The conversation drifted around to the Dutch themselves and in particular to a statement by Lt. Todd, a member of the OSS who had jumped with the British at Arnhem (See our files on Lt. Todd.). Todd, in a report, mentioned that after his capture at Arnhem, he was interrogated by a German major who mentioned infiltrating 82nd Airborne Headquarters, where he was questioned by a man named "Bestebreurtje."
I mentioned to Gavin that Bestebreurtje denied this could have happened; that, in effect, no German could fool him into believing he was a Dutchman. Gavin smiled and remarked that the story had "a real ring of truth about it" and that the chances were Bestebreurtje would not admit to being fooled in any event.
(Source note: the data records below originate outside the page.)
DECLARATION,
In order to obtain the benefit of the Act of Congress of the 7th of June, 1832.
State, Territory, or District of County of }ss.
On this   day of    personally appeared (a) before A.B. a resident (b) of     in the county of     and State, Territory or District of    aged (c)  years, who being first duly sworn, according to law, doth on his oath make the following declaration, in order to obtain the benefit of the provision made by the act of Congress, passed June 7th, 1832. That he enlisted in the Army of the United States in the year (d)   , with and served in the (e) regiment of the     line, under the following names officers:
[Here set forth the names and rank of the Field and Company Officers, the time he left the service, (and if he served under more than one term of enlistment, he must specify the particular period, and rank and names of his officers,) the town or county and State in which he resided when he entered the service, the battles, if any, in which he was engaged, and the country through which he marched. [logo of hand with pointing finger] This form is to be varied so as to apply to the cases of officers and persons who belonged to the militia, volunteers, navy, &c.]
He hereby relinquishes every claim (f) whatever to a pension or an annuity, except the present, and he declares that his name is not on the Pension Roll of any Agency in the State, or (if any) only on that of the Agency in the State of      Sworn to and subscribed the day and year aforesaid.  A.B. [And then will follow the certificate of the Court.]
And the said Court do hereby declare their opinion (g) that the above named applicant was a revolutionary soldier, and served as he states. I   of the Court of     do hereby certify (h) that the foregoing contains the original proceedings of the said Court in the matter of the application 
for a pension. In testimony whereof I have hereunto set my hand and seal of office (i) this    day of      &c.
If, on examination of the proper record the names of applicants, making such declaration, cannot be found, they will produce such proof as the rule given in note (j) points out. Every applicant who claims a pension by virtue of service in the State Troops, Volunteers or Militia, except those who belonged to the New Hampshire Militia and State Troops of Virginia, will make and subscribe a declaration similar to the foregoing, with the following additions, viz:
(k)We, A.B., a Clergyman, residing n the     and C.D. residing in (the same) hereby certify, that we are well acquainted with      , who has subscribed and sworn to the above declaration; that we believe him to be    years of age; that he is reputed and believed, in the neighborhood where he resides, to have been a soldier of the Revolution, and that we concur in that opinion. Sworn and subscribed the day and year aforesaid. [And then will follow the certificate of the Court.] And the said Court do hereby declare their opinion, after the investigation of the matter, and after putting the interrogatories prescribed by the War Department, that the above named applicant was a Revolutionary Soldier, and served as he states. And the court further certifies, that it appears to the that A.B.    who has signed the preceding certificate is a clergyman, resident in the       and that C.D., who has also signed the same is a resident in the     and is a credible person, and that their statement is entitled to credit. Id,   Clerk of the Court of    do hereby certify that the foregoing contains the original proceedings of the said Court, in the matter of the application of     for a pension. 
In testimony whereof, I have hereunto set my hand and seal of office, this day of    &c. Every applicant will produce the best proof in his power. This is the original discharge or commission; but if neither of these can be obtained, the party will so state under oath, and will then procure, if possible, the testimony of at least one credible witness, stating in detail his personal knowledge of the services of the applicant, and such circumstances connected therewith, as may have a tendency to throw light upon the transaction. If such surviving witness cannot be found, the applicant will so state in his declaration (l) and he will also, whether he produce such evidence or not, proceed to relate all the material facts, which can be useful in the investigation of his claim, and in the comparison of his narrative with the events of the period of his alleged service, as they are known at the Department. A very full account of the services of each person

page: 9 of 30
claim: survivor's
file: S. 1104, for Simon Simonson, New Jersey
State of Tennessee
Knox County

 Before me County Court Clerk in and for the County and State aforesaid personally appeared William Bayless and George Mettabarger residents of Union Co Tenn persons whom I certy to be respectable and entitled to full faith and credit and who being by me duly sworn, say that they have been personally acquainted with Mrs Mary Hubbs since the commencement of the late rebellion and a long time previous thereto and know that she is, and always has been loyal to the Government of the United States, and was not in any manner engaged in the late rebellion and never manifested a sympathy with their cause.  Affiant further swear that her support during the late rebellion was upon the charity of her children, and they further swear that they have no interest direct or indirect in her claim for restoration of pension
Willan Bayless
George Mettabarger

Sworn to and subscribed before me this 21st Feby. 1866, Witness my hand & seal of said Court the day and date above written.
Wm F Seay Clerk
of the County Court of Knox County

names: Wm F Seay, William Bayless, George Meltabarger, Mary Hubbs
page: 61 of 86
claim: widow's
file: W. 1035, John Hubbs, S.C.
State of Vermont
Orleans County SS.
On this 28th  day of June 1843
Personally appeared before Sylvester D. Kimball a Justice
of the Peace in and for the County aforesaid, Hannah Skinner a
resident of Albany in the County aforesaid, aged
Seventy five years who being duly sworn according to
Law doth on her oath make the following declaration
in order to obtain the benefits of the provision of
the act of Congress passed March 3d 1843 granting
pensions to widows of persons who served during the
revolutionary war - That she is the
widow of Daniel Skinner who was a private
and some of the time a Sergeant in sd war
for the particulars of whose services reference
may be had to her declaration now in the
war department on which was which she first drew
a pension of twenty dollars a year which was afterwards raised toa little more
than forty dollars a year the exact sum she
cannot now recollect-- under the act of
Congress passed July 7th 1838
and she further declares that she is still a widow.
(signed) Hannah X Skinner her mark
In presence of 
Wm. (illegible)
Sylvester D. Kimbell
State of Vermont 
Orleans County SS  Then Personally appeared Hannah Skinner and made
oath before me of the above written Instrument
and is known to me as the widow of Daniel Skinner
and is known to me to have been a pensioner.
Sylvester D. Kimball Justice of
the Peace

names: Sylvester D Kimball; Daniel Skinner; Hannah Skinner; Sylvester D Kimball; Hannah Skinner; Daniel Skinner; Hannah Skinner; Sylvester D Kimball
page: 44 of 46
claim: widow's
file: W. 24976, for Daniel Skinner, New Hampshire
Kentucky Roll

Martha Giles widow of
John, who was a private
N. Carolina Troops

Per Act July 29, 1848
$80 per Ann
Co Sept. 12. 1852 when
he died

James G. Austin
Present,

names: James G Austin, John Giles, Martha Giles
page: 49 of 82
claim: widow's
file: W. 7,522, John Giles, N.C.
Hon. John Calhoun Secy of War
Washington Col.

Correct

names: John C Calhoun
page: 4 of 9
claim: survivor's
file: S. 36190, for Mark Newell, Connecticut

He went on to tell me about the swarms of Dutch peasants who bicycled openly around the countryside for days. "We smiled and waved as they went by," he recalled, "until Lindquist's 508th began taking a helluva pasting from Kraut artillery. Then it dawned on us there were probably dozens of Krauts wearing Dutch clothing riding around on bikes and giving away our positions."
Gavin also told me a story about a German warehouse near 'sHertgenbosch. It seems one of the regiments came across this warehouse and found it full of frozen meat; they helped themselves but when they returned the next day they found the Germans there taking out supplies of meat. In effect then both the Germans and Americans had been eating out of the same warehouse and neither were aware the others were there.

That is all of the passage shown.